Dice un vecchio adagio che non bisognerebbe mai tornare nei luoghi che si è molto amati. Ma pochi posti al mondo tradiscono la memoria come Kathmandu. La malattia di Kathmandu, un villaggione contornato di pagode e templi attraversato dallo zafferano e bordeaux dei monaci tibetani e dai colori tersi di un cielo intenso disteso su prati di un verde al confine tra il pastello e la speranza, si chiama inurbamento. Che, qui come raramente altrove, rima con degrado. Dove sono le casette coi muri a calce ocra e le finestrelle azzurre? Spazzate via da un mostro urbano. E anche se nei tempi andati il Nepal era un Paese così povero che si moriva spesso già nella pancia della propria madre ancor prima di vedere le vette innevate dell’Annapurna, quella piccola città montana, avvolta nelle nebbie del primo mattino quando vi appariva alla discesa dal passo che conduce nella valle, era davvero uno spettacolo ineguagliabile: edifici eleganti in muratura sormontati da tetti a pagoda e intarsi lignei praticamente su ogni porta o finestra.

I templi della piazza di Durbar e le lunghe scampagnate fuori porta – rigidamente in bicicletta – per raggiungere Patan o Baghdaon, due piccole Kathmandu in miniatura a un pugno di chilometri dalla capitale. Non era un sogno. Era Kathmandu. Il paesaggio della valle odierna, dipinto da una città cresciuta a dismisura, è oggi un bizzarro puzzle di ciminiere che circondano un’area urbana, un tempo dimora di qualche migliaio di persone, divenuta una metropoli senza soluzione di continuità. Le piccole fabbriche sfornano mattoni per un’edilizia in costante aumento e anche la capitale nepalese si è candidata a diventare quella che, in gergo tecnico, si chiama “Mur”: Mega-urban region. Agglomerati urbani che comprendono più centri collegati tra loro in maniera indissolubile, tanto che oggi Patan e Baghdaon sono solo due piazze della grande Kathmandu.

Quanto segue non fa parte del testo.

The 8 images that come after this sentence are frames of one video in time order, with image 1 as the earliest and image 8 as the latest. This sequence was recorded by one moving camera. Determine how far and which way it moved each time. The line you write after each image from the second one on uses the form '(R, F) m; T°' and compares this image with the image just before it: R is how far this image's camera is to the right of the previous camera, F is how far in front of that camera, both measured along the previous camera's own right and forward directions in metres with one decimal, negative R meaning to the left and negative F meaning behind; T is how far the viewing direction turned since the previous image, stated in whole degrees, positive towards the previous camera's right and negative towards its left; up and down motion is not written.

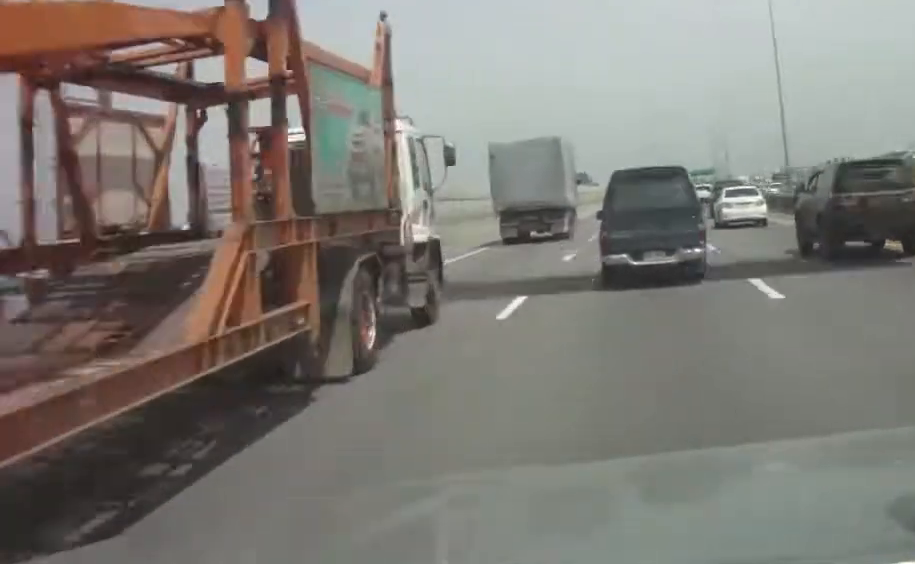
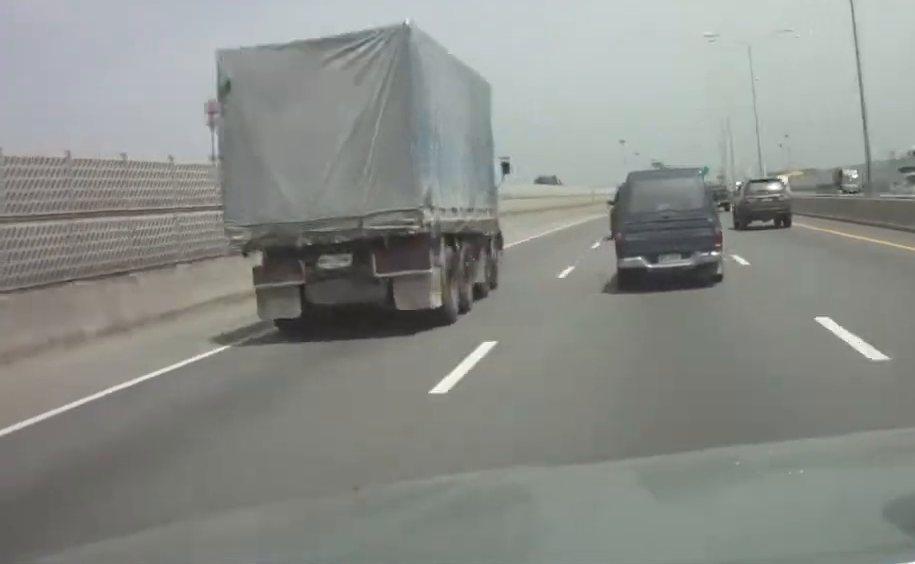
(+1.1, +77.3) m; +2°
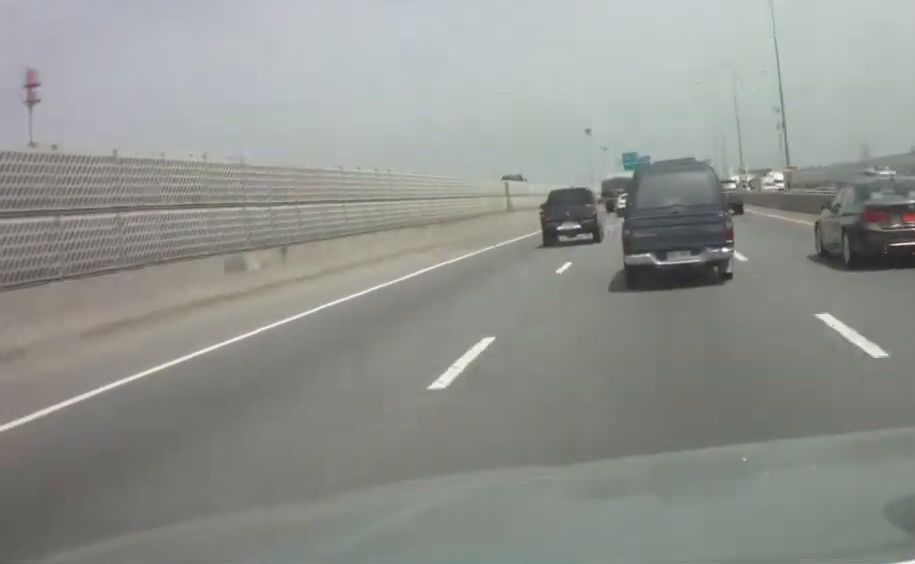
(+1.1, +60.5) m; +2°
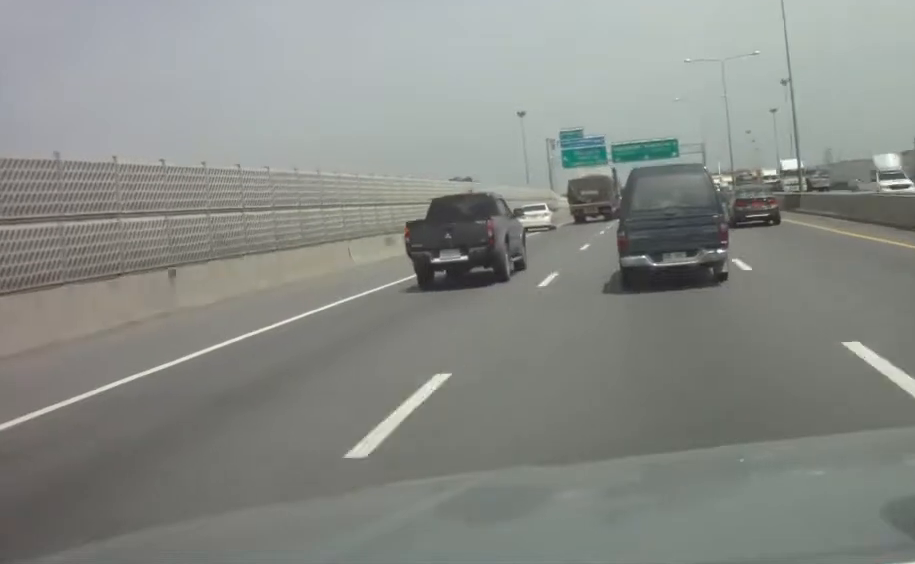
(+1.3, +85.8) m; +2°
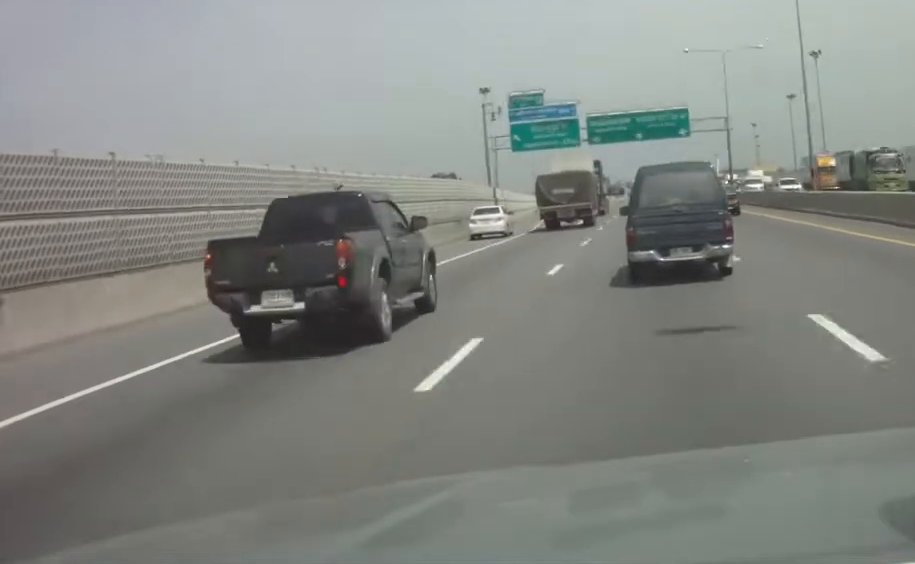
(+0.3, +46.3) m; 0°
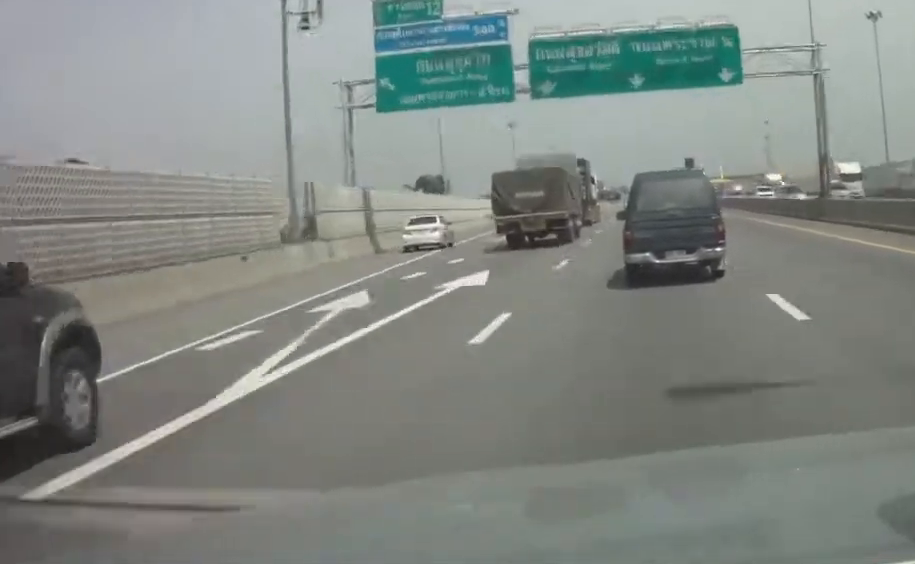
(+0.2, +44.8) m; 0°
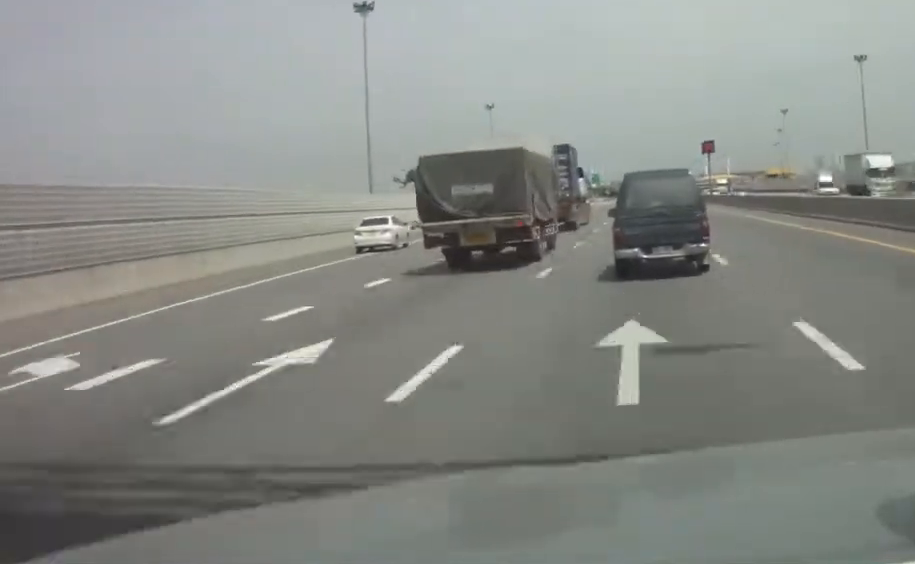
(-0.2, +38.5) m; 0°
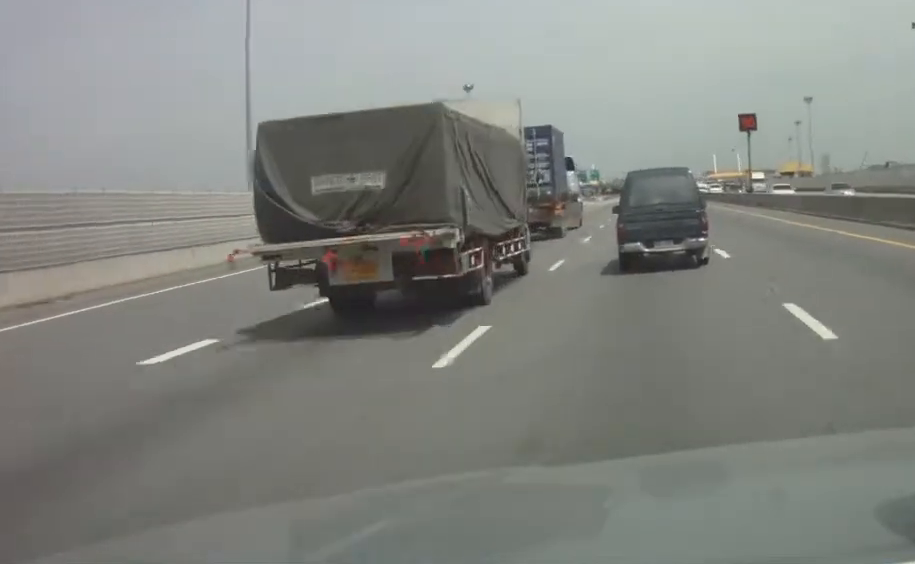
(+0.1, +34.9) m; 0°
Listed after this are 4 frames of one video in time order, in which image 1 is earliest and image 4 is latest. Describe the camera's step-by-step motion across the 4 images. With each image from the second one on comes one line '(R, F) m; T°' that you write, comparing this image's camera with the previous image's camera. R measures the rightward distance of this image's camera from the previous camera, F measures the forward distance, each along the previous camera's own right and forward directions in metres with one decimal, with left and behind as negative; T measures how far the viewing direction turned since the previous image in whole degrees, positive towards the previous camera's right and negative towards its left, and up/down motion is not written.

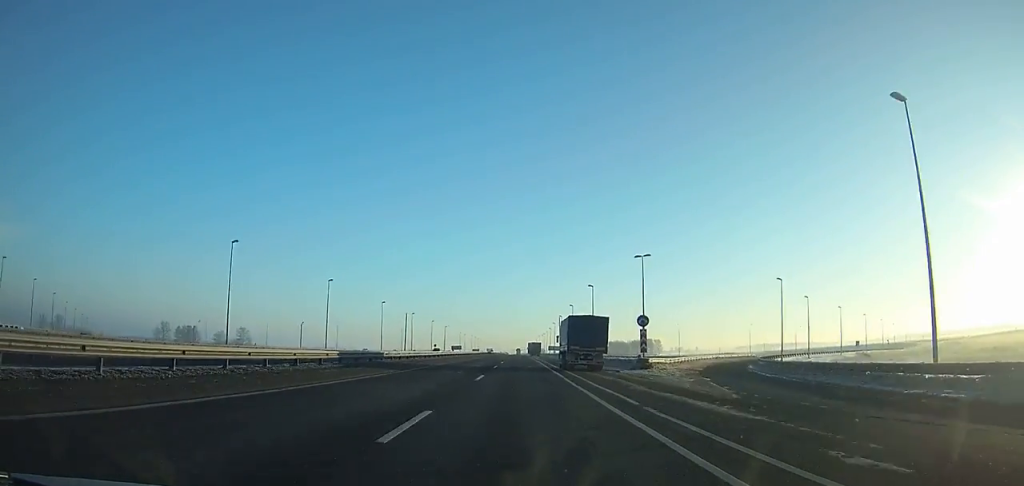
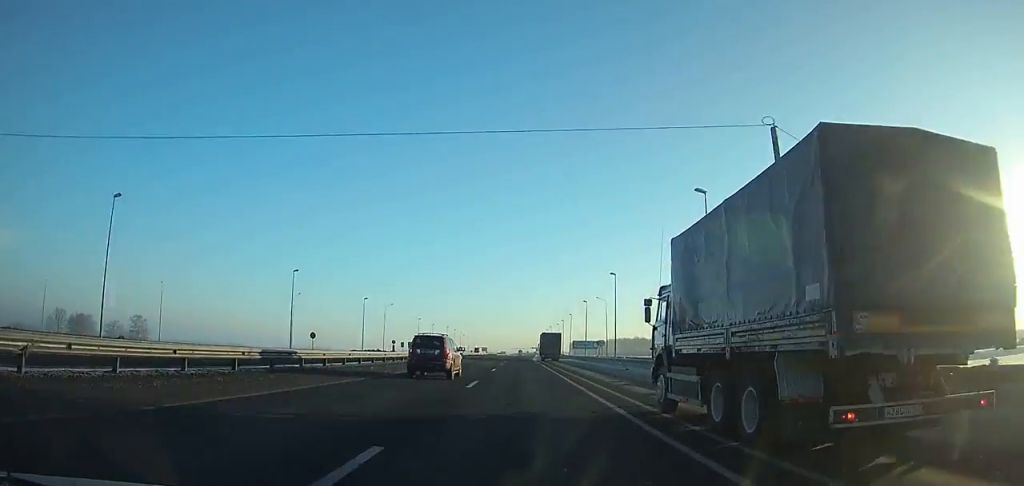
(+0.3, +115.4) m; 0°
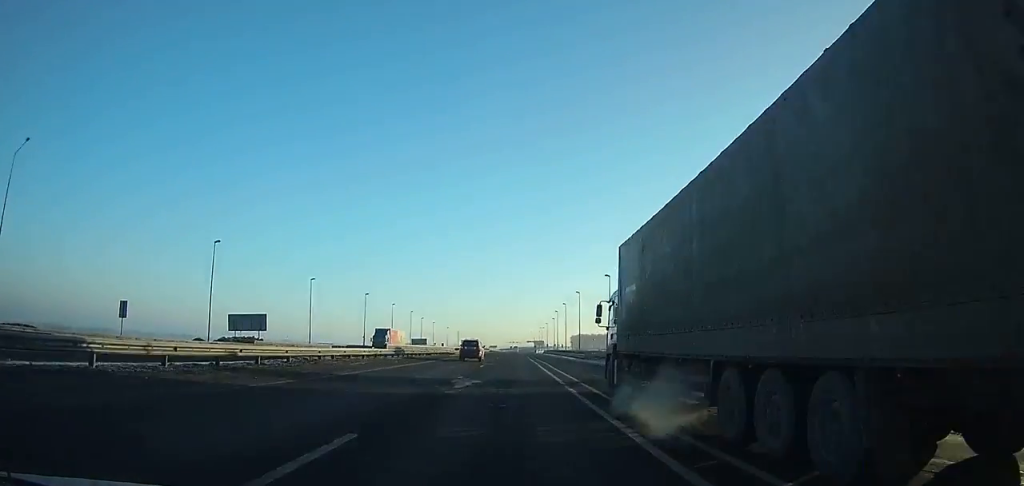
(+0.1, +111.8) m; 0°
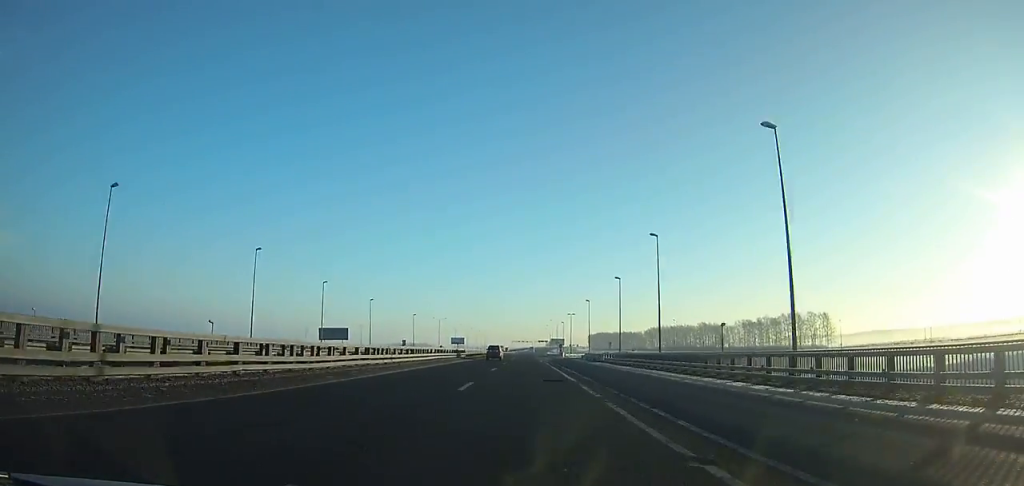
(-0.5, +98.1) m; 0°

Il dato numerico aiuta a capire: se Londra ci ha messo 130 anni per arrivare da uno agli attuali 8 milioni di abitanti e Bangkok, per ingigantirsi, ne ha messi 45, a Kathmandu son bastati meno di vent’anni, tanto è durata l’insurrezione maoista che molto ha contribuito alla crescita esponenziale della città. La Kathmandu metropolitana che conta oggi 35 distretti (di cui uno solo è il centro propriamente detto), negli anni Settanta non arrivava a 200mila abitanti. Adesso ne ha quasi 700mila ma oltre 1,2 milioni se si considera l’intera area urbana. In termini assoluti non è molto (su 30 che abitano il Nepal) ma ciò che è impressionate è la percentuale di crescita: 5%! Nei territori palestinesi, che conoscono un’urbanizzazione selvaggia, questa percentuale è del 3,5%. Come in Somalia, dove c’è un conflitto che dura da oltre vent’anni, o in Sierra Leone, un altro luogo dove la guerra ha spinto la gente nella città. Ma a Kathmandu è successo qualcosa di ancor più pazzesco che in Palestina o in Somalia. Anche perché di città ce n’era – e ce n’è – praticamente solo una: la capitale. Il gioiello di famiglia. Oggi ormai solo il riflesso di una luce sempre più tenue.